*DIRECTIONS*
Begin at the line where "LaTeX: \partial _" appears and reproduce exactly every line through the end of the data below, both included, skipping pictures.

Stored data
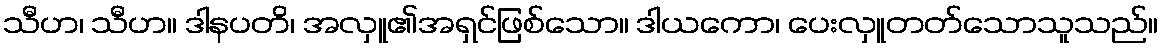
သီဟ၊ သီဟ။ ဒါနပတိ၊ အလှူ၏အရှင်ဖြစ်သော။ ဒါယကော၊ ပေးလှူတတ်သောသူသည်။
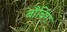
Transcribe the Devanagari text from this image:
बाँबिंग
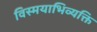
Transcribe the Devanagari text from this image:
विस्मयाभिव्यक्ति
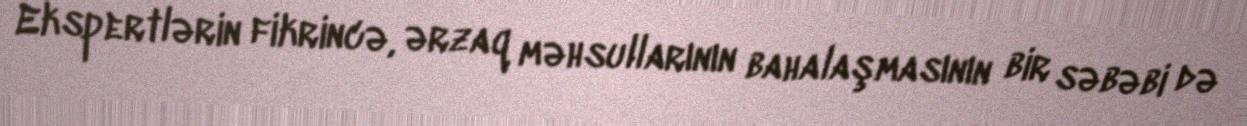
Ekspertlərin fikrincə, ərzaq məhsullarının bahalaşmasının bir səbəbi də
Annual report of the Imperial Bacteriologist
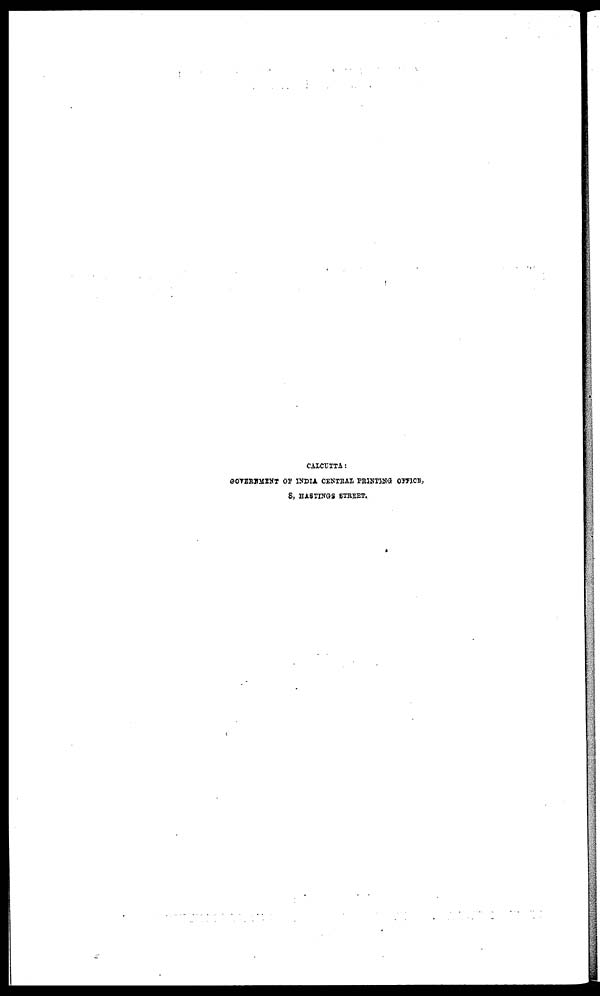
CALCUTTA:
GOVERNMENT OF INDIA CENTRAL PRINTING OFFICE,
8, HASTINGS STREET.
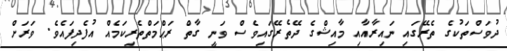
ދުވަސްތަކުގެ ތެރޭގައި ނައިރާއާއި މާއިޝްގެ ދޭތެރޭގައިވެސް ވަނީ ގާތް ރަޙްމަތްތެރިކަމެއް އުފެދިފައެވެ. ވަރަށް
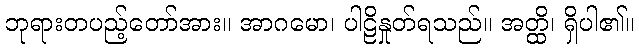
ဘုရားတပည့်တော်အား။ အာဂမော၊ ပါဠိနှုတ်ရသည်။ အတ္ထိ၊ ရှိပါ၏။
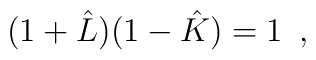
(1+\hat{L}) (1- \hat{K} ) = 1 \,\,\, ,
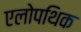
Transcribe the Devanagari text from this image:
एलोपथिक
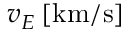
v _ { E } \, [ \mathrm { k m } / \mathrm { s } ]
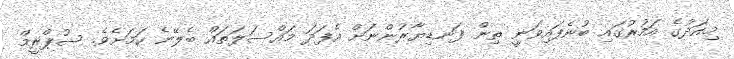
މިއަދުގެ އަމުރުގައި ބުނެފައިވަނީ ތިން ފަނޑިޔާރުންނަށް އެފަދަ މައްސަލަތައް ބެލޭނެ ކަމަށެވެ. ސުޕްރީމް
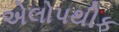
એલોપથીક
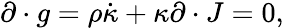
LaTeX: \partial\cdot g=\rho\dot{\kappa}+\kappa\partial\cdot J=0,
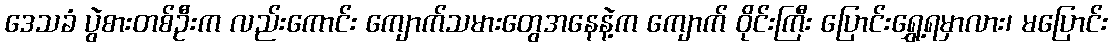
ဒေသခံ ပွဲစားတစ်ဦးက လည်းကောင်း ကျောက်သမားတွေအနေနဲ့က ကျောက် ဝိုင်းကြီး ပြောင်းရွှေ့ရမှာလား၊ မပြောင်း
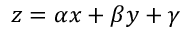
z = \alpha x + \beta y + \gamma
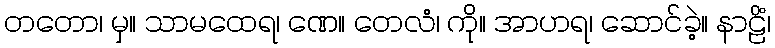
တတော၊ မှ။ သာမထေရ၊ ဏေ။ တေလံ၊ ကို။ အာဟရ၊ ဆောင်ခဲ့။ နာဠိံ၊
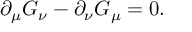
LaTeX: \partial _ { \mu } G _ { \nu } - \partial _ { \nu } G _ { \mu } = 0 .
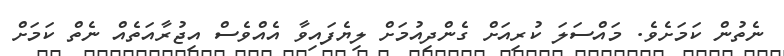
ނެތުން ކަމަށެވެ. މައްސަލަ ކުރިއަށް ގެންދިއުމަށް ލިޔެފައިވާ އެއްވެސް އިޖުރާއަތެއް ނެތް ކަަމަށް
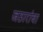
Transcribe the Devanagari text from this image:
जठारांचा
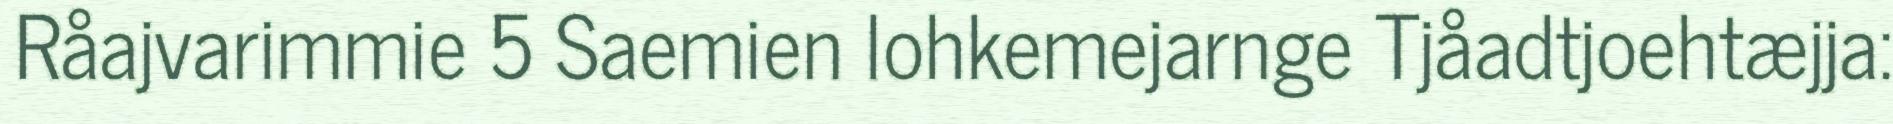
Råajvarimmie 5 Saemien lohkemejarnge Tjåadtjoehtæjja:
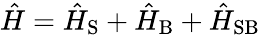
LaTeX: \hat{H}=\hat{H}_{\mathrm{S}}+\hat{H}_{\mathrm{B}}+\hat{H}_{\mathrm{SB}}
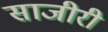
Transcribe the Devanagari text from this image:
साजीरी
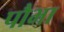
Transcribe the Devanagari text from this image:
पौभा
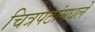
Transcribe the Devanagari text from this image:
चित्रपटांमधले
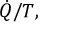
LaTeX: { \dot { Q } } / T ,
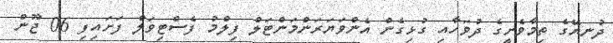
ދުނޔޭގެ ތިމާވެށީގެ ދުވަހާއި ގުޅިގެން އެންވަޔަރަންމަންޓަލް ފިލްމު ފެސްޓިވަލް ފަށައިފި 06 ޖޫން
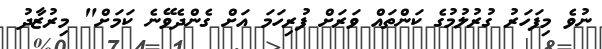
ނުވެ މިފަހަރު ގުރުލުމުގެ ކަންތައް ވަރަށް ފުރިހަމަ އަށް ގެންދެވޭނެ ކަމަށް" މިރުޒާދު
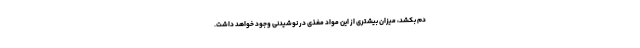
دم بکشد، میزان بیشتری از این مواد مغذی در نوشیدنی وجود خواهد داشت.
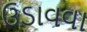
ઉડાવવા
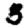
Digit: 3
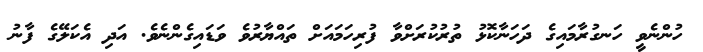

*REPLY TO THE TASK*
LaTeX: \partial _ { \mu } G _ { \nu } - \partial _ { \nu } G _ { \mu } = 0 .
ނެތުން ކަމަށެވެ. މައްސަލަ ކުރިއަށް ގެންދިއުމަށް ލިޔެފައިވާ އެއްވެސް އިޖުރާއަތެއް ނެތް ކަަމަށް
Transcribe the Devanagari text from this image:
जठारांचा
Råajvarimmie 5 Saemien lohkemejarnge Tjåadtjoehtæjja:
LaTeX: \hat{H}=\hat{H}_{\mathrm{S}}+\hat{H}_{\mathrm{B}}+\hat{H}_{\mathrm{SB}}
Transcribe the Devanagari text from this image:
साजीरी
Transcribe the Devanagari text from this image:
पौभा
Transcribe the Devanagari text from this image:
चित्रपटांमधले
LaTeX: { \dot { Q } } / T ,
ދުނޔޭގެ ތިމާވެށީގެ ދުވަހާއި ގުޅިގެން އެންވަޔަރަންމަންޓަލް ފިލްމު ފެސްޓިވަލް ފަށައިފި 06 ޖޫން
ނުވެ މިފަހަރު ގުރުލުމުގެ ކަންތައް ވަރަށް ފުރިހަމަ އަށް ގެންދެވޭނެ ކަމަށް" މިރުޒާދު
دم بکشد، میزان بیشتری از این مواد مغذی در نوشیدنی وجود خواهد داشت.
ઉડાવવા
Digit: 3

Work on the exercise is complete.